Effect of Depression, Lifestyle on Cognitive Function in PLWHIV

HIV depression sadness
HIV depression sadness
Compared with patients without HIV, the poorer cognitive performances of PLWHIV were partly mediated by a higher prevalence of depressive symptoms.

Compared with patients without HIV, the poorer cognitive performance of people living with HIV (PLWHIV) was partly mediated by a higher prevalence of depressive symptoms and recreational drug use, according to research results published in HIV Medicine.

This cross-sectional study enrolled 637 PLWHIV aged ≥50 years (“older”) and 340 PLWHIV aged <50 years (“younger”) and 276 demographically matched individuals without HIV aged ≥50 as control participants. Participant’s cognitive function was assessed using a computerized battery and their depressive symptoms evaluated via questionnaire.

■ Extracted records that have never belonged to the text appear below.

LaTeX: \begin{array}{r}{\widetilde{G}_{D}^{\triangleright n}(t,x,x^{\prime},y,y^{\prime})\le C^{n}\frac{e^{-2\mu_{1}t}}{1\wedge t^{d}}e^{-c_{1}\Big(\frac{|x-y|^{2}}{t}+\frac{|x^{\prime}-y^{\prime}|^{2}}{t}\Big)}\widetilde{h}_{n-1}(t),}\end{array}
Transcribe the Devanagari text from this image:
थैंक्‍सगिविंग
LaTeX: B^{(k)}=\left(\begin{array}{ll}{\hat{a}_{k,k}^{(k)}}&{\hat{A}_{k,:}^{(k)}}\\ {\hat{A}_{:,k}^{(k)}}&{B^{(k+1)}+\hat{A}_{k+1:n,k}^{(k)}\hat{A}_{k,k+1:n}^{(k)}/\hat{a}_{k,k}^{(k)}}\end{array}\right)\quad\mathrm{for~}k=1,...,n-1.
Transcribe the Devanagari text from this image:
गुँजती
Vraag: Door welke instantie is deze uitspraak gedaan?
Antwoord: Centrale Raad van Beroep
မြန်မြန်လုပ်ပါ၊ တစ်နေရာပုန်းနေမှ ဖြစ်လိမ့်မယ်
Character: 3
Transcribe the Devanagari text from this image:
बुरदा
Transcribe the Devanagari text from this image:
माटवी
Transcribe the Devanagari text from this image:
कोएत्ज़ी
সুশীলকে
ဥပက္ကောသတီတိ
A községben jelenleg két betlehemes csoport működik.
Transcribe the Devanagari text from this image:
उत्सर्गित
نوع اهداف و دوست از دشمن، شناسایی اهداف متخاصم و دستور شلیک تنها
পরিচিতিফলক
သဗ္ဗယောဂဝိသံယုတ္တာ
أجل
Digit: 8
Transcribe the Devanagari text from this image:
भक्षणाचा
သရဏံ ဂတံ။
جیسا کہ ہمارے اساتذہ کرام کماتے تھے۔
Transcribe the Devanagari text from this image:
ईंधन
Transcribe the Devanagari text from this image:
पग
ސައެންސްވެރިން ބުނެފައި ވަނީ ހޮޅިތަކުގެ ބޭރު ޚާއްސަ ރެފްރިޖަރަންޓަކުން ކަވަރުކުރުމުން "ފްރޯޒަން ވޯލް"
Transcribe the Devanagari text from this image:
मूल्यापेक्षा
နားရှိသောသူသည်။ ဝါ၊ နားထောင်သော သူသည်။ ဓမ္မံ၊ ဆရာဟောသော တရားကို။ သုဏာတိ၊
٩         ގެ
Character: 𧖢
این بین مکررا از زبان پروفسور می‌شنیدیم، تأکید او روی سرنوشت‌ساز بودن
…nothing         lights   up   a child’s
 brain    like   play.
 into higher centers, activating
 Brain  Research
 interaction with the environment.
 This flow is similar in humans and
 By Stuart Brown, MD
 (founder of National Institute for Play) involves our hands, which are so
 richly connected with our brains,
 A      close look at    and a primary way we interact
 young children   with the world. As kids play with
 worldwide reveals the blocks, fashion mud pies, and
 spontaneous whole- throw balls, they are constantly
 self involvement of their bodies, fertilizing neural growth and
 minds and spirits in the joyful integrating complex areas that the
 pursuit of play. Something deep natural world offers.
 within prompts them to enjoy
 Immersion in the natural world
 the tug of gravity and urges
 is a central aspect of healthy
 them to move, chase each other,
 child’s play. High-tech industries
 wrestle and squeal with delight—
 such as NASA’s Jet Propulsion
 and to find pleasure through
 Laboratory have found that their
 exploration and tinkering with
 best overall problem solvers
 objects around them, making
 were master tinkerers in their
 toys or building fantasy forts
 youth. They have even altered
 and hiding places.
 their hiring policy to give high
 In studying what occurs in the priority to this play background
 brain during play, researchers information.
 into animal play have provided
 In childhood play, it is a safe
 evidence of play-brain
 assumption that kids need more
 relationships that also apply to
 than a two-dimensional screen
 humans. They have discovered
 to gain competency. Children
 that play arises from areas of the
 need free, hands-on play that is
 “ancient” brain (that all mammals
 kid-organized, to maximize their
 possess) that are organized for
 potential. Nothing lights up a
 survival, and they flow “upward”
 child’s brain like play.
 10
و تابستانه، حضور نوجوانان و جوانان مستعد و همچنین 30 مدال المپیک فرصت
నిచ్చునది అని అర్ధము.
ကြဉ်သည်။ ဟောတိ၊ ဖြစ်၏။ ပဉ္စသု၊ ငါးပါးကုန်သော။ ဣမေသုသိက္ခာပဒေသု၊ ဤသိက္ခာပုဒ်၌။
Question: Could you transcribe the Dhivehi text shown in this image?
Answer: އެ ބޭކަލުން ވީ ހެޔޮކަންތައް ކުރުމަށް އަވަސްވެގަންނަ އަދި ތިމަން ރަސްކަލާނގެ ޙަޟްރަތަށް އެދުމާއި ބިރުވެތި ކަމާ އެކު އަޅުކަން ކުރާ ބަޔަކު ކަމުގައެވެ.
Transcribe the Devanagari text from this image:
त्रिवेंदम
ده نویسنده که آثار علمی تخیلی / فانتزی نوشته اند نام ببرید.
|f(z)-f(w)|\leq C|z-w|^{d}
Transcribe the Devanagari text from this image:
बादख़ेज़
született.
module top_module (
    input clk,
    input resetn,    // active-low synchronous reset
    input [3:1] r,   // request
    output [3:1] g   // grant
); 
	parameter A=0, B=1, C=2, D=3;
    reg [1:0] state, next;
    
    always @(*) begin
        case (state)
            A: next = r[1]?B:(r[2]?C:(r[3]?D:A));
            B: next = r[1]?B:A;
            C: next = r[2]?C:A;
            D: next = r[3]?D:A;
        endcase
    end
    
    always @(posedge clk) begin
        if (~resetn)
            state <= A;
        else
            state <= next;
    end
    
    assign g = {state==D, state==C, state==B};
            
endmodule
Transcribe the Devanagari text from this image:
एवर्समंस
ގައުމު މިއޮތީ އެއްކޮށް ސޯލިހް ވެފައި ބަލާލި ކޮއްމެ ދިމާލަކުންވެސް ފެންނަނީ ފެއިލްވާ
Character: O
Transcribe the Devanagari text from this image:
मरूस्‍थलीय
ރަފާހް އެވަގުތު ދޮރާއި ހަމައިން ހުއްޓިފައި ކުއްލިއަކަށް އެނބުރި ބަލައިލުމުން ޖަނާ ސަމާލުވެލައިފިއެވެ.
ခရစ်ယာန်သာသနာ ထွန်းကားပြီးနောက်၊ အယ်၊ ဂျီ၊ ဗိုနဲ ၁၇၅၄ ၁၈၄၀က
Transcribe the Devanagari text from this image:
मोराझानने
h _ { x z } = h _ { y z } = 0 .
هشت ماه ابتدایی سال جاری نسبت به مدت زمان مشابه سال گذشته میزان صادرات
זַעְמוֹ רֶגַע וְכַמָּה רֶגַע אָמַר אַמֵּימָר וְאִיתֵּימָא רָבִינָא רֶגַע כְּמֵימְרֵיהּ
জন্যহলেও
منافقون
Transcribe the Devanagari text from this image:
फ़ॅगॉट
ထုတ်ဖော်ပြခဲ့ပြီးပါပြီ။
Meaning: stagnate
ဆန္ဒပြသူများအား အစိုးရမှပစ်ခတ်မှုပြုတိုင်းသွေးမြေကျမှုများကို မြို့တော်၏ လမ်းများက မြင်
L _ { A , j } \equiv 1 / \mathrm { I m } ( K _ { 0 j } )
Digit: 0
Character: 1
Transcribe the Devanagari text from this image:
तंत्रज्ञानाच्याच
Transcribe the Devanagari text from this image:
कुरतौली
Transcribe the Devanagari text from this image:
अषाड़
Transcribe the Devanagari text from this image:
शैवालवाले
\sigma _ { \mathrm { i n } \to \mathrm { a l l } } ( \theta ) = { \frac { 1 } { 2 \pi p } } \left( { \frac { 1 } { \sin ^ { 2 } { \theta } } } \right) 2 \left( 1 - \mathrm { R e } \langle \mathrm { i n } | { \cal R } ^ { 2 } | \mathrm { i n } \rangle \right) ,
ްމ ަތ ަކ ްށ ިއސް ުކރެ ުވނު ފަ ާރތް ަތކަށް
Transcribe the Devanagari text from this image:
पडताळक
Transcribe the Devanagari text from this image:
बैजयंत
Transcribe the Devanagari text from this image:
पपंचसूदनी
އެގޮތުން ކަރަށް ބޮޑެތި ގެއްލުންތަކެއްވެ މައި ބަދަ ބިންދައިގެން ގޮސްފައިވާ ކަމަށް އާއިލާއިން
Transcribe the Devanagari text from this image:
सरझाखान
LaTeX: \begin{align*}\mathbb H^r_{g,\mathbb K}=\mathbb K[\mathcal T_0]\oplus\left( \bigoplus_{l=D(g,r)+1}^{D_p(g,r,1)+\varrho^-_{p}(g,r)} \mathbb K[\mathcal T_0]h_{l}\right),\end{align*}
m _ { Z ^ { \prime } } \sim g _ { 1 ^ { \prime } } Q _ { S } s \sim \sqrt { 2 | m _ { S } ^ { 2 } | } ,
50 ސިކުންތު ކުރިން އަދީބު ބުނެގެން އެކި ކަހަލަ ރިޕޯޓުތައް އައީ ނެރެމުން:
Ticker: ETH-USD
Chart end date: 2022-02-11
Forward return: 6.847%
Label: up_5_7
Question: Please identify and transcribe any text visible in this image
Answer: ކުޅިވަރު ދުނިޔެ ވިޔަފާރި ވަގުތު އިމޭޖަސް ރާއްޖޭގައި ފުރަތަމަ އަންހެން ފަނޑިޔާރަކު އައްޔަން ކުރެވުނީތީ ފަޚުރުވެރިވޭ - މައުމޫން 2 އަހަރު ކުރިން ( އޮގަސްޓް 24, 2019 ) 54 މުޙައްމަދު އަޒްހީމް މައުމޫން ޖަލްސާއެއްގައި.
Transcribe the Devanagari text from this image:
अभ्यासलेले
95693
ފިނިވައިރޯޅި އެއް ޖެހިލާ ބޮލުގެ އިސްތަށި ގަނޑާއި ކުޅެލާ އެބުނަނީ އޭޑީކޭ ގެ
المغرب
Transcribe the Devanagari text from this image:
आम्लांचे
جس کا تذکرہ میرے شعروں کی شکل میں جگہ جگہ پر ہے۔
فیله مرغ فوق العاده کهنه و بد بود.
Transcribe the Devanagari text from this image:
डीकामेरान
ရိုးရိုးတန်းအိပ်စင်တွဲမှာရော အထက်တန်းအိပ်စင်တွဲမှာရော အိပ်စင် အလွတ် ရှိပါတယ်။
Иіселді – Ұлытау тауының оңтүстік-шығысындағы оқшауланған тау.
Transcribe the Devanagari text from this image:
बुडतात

Both the older and younger groups of PLWHIV scored lower on cognitive assessments (P <.001 and P =.006, respectively) than the older controls after adjustment for sociodemographic factors such as age, gender, ethnicity, and education level. The prevalence of moderate to severe depressive symptoms was 8% in controls. Prevalence of these symptoms was higher in both the older (27%; P <.001) and younger (21%; P <.001) PLWHIV groups.

The two factors associated with lower cognitive function were depressive symptoms (P <.001), and hashish use (P =.01), while alcohol was associated with better scores (P =.02). After further adjusting for these factors, significant differences between older PLWHIV and controls disappeared (P =.08), but differences between younger PLWHIV and controls remained (P =.01).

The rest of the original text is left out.